Bangkok, June 27 (EFE).- Australia and New Zealand are the countries with the highest per capita cocaine consumption in the world, according to data published Thursday in a report by the United Nations Office on Drugs and Crime (UNODC).
A 3% of people between 15 and 64 years old in both countries consumed cocaine in 2023, almost double that in America (with 1.6%) or slightly less than triple that in Europe (with 1.1%), according to the records of the "World Drug Report 2025".
The wastewater analysis, cited in the report, suggests that the majority of users in oceanic countries consume the drug occasionally, rather than habitually.
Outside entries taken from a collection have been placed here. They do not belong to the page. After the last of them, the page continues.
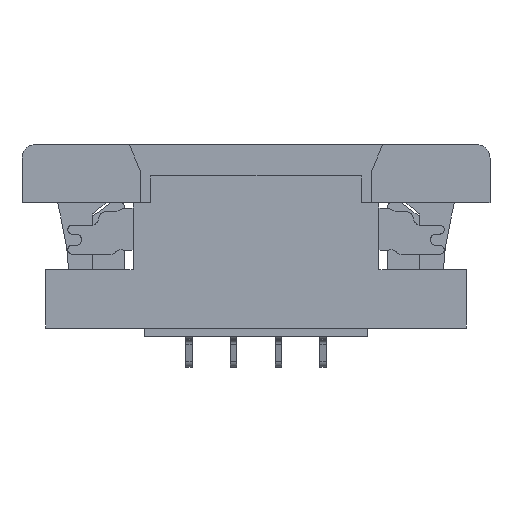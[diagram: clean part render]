
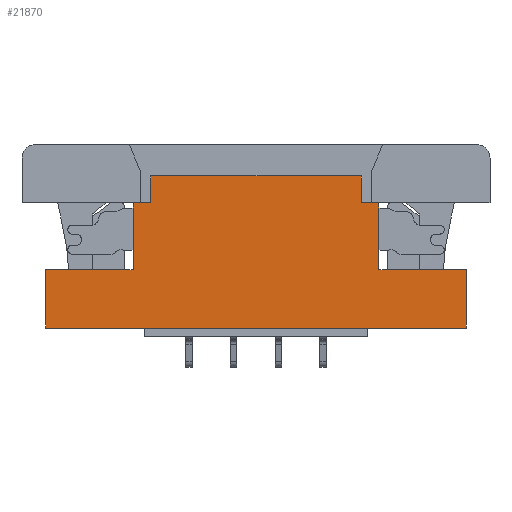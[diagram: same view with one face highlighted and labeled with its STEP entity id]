
A CAD part, front view. The second image highlights one B-rep face of the part: STEP entity #21870.
In plain terms, the highlighted planar face has unit normal (0, -1, 0).
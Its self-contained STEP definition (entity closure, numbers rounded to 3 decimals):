
#2860=CARTESIAN_POINT('',(0.95,-0.61,6.3));
#2870=VERTEX_POINT('',#2860);
#2950=CARTESIAN_POINT('',(0.95,-0.61,5.));
#2960=VERTEX_POINT('',#2950);
#2990=CARTESIAN_POINT('',(0.95,-0.61,6.3));
#3000=DIRECTION('',(0.,0.,-1.));
#3010=VECTOR('',#3000,1.);
#3020=LINE('',#2990,#3010);
#3030=EDGE_CURVE('',#2870,#2960,#3020,.T.);
#3170=CARTESIAN_POINT('',(-8.45,-0.61,5.));
#3180=VERTEX_POINT('',#3170);
#3260=CARTESIAN_POINT('',(-8.45,-0.61,6.3));
#3270=VERTEX_POINT('',#3260);
#3300=CARTESIAN_POINT('',(-8.45,-0.61,5.));
#3310=DIRECTION('',(0.,0.,1.));
#3320=VECTOR('',#3310,1.);
#3330=LINE('',#3300,#3320);
#3340=EDGE_CURVE('',#3180,#3270,#3330,.T.);
#3500=CARTESIAN_POINT('',(-6.5,-0.61,6.3));
#3510=VERTEX_POINT('',#3500);
#3540=CARTESIAN_POINT('',(-8.45,-0.61,6.3));
#3550=DIRECTION('',(1.,0.,0.));
#3560=VECTOR('',#3550,1.);
#3570=LINE('',#3540,#3560);
#3580=EDGE_CURVE('',#3270,#3510,#3570,.T.);
#4710=CARTESIAN_POINT('',(-6.5,-0.61,7.8));
#4720=VERTEX_POINT('',#4710);
#4750=CARTESIAN_POINT('',(-6.5,-0.61,7.8));
#4760=DIRECTION('',(0.,0.,-1.));
#4770=VECTOR('',#4760,1.);
#4780=LINE('',#4750,#4770);
#4790=CARTESIAN_POINT('',(-6.5,-0.61,7.682));
#4800=VERTEX_POINT('',#4790);
#4810=EDGE_CURVE('',#4720,#4800,#4780,.T.);
#5030=CARTESIAN_POINT('',(-6.5,-0.61,6.74));
#5040=VERTEX_POINT('',#5030);
#5070=EDGE_CURVE('',#5040,#3510,#4780,.T.);
#5460=CARTESIAN_POINT('',(-6.1,-0.61,7.8));
#5470=VERTEX_POINT('',#5460);
#5500=CARTESIAN_POINT('',(-6.5,-0.61,7.8));
#5510=DIRECTION('',(1.,0.,0.));
#5520=VECTOR('',#5510,1.);
#5530=LINE('',#5500,#5520);
#5540=EDGE_CURVE('',#4720,#5470,#5530,.T.);
#5770=CARTESIAN_POINT('',(-6.1,-0.61,8.4));
#5780=VERTEX_POINT('',#5770);
#5810=CARTESIAN_POINT('',(-6.1,-0.61,8.4));
#5820=DIRECTION('',(0.,0.,-1.));
#5830=VECTOR('',#5820,1.);
#5840=LINE('',#5810,#5830);
#5850=EDGE_CURVE('',#5780,#5470,#5840,.T.);
#6080=CARTESIAN_POINT('',(-1.4,-0.61,8.4));
#6090=VERTEX_POINT('',#6080);
#6120=CARTESIAN_POINT('',(-20.1,-0.61,8.4));
#6130=DIRECTION('',(1.,0.,0.));
#6140=VECTOR('',#6130,1.);
#6150=LINE('',#6120,#6140);
#6160=EDGE_CURVE('',#5780,#6090,#6150,.T.);
#6390=CARTESIAN_POINT('',(-1.4,-0.61,7.8));
#6400=VERTEX_POINT('',#6390);
#6430=CARTESIAN_POINT('',(-1.4,-0.61,7.8));
#6440=DIRECTION('',(0.,0.,1.));
#6450=VECTOR('',#6440,1.);
#6460=LINE('',#6430,#6450);
#6470=EDGE_CURVE('',#6400,#6090,#6460,.T.);
#6780=CARTESIAN_POINT('',(-1.,-0.61,7.8));
#6790=VERTEX_POINT('',#6780);
#7220=CARTESIAN_POINT('',(-1.,-0.61,6.3));
#7230=VERTEX_POINT('',#7220);
#7260=CARTESIAN_POINT('',(-1.,-0.61,5.));
#7270=DIRECTION('',(0.,0.,1.));
#7280=VECTOR('',#7270,1.);
#7290=LINE('',#7260,#7280);
#7300=CARTESIAN_POINT('',(-1.,-0.61,6.74));
#7310=VERTEX_POINT('',#7300);
#7320=EDGE_CURVE('',#7230,#7310,#7290,.T.);
#7540=CARTESIAN_POINT('',(-1.,-0.61,7.682));
#7550=VERTEX_POINT('',#7540);
#7580=EDGE_CURVE('',#7550,#6790,#7290,.T.);
#7710=CARTESIAN_POINT('',(-1.,-0.61,6.3));
#7720=DIRECTION('',(1.,0.,0.));
#7730=VECTOR('',#7720,1.);
#7740=LINE('',#7710,#7730);
#7750=EDGE_CURVE('',#7230,#2870,#7740,.T.);
#9450=CARTESIAN_POINT('',(0.95,-0.61,5.));
#9460=DIRECTION('',(-1.,0.,0.));
#9470=VECTOR('',#9460,1.);
#9480=LINE('',#9450,#9470);
#9490=EDGE_CURVE('',#2960,#3180,#9480,.T.);
#21490=CARTESIAN_POINT('',(-4.574,-0.61,11.004));
#21500=DIRECTION('',(0.,-1.,0.));
#21510=DIRECTION('',(1.,0.,0.));
#21520=AXIS2_PLACEMENT_3D('',#21490,#21500,#21510);
#21530=PLANE('',#21520);
#21540=ORIENTED_EDGE('',*,*,#3340,.F.);
#21550=ORIENTED_EDGE('',*,*,#3580,.F.);
#21560=ORIENTED_EDGE('',*,*,#5070,.T.);
#21570=CARTESIAN_POINT('',(-6.5,-0.61,0.));
#21580=DIRECTION('',(0.,0.,1.));
#21590=VECTOR('',#21580,1.);
#21600=LINE('',#21570,#21590);
#21610=EDGE_CURVE('',#5040,#4800,#21600,.T.);
#21620=ORIENTED_EDGE('',*,*,#21610,.F.);
#21630=ORIENTED_EDGE('',*,*,#4810,.T.);
#21640=ORIENTED_EDGE('',*,*,#5540,.F.);
#21650=ORIENTED_EDGE('',*,*,#5850,.T.);
#21660=ORIENTED_EDGE('',*,*,#6160,.F.);
#21670=ORIENTED_EDGE('',*,*,#6470,.T.);
#21680=CARTESIAN_POINT('',(-1.4,-0.61,7.8));
#21690=DIRECTION('',(1.,0.,0.));
#21700=VECTOR('',#21690,1.);
#21710=LINE('',#21680,#21700);
#21720=EDGE_CURVE('',#6400,#6790,#21710,.T.);
#21730=ORIENTED_EDGE('',*,*,#21720,.F.);
#21740=ORIENTED_EDGE('',*,*,#7580,.T.);
#21750=CARTESIAN_POINT('',(-1.,-0.61,0.));
#21760=DIRECTION('',(-0.,0.,-1.));
#21770=VECTOR('',#21760,1.);
#21780=LINE('',#21750,#21770);
#21790=EDGE_CURVE('',#7550,#7310,#21780,.T.);
#21800=ORIENTED_EDGE('',*,*,#21790,.F.);
#21810=ORIENTED_EDGE('',*,*,#7320,.T.);
#21820=ORIENTED_EDGE('',*,*,#7750,.F.);
#21830=ORIENTED_EDGE('',*,*,#3030,.F.);
#21840=ORIENTED_EDGE('',*,*,#9490,.F.);
#21850=EDGE_LOOP('',(#21840,#21830,#21820,#21810,#21800,#21740,#21730,
#21670,#21660,#21650,#21640,#21630,#21620,#21560,#21550,#21540));
#21860=FACE_OUTER_BOUND('',#21850,.T.);
#21870=ADVANCED_FACE('',(#21860),#21530,.T.);

The document highlights that global cocaine production stood at 3,700 tons of pure drug in 2023, an increase of 34% compared to the previous year, and that drug trafficking routes have increasingly diversified to Africa, Asia, and Australia, and are no longer limited to their main markets: Europe and North America.
"Pacific islands are increasingly used as transit points for cocaine destined mainly for Australia and New Zealand," the report notes, which also highlights the widespread consumption in these nations of other drugs such as cannabis and ecstasy.
Cocaine seizures also reached "unprecedented figures" in Oceania in 2023, where mafias are attracted by the higher purchasing power of its citizens and the high price of the drug.
Furthermore, drug traffickers take advantage of the thousands of kilometers of coastline of these two large island countries due to the difficulty of monitoring such a vast area.
In December 2023, the Australian Police seized 2.34 tons of cocaine (with a black market value of almost 500 million US dollars), in one of the largest drug operations in the country.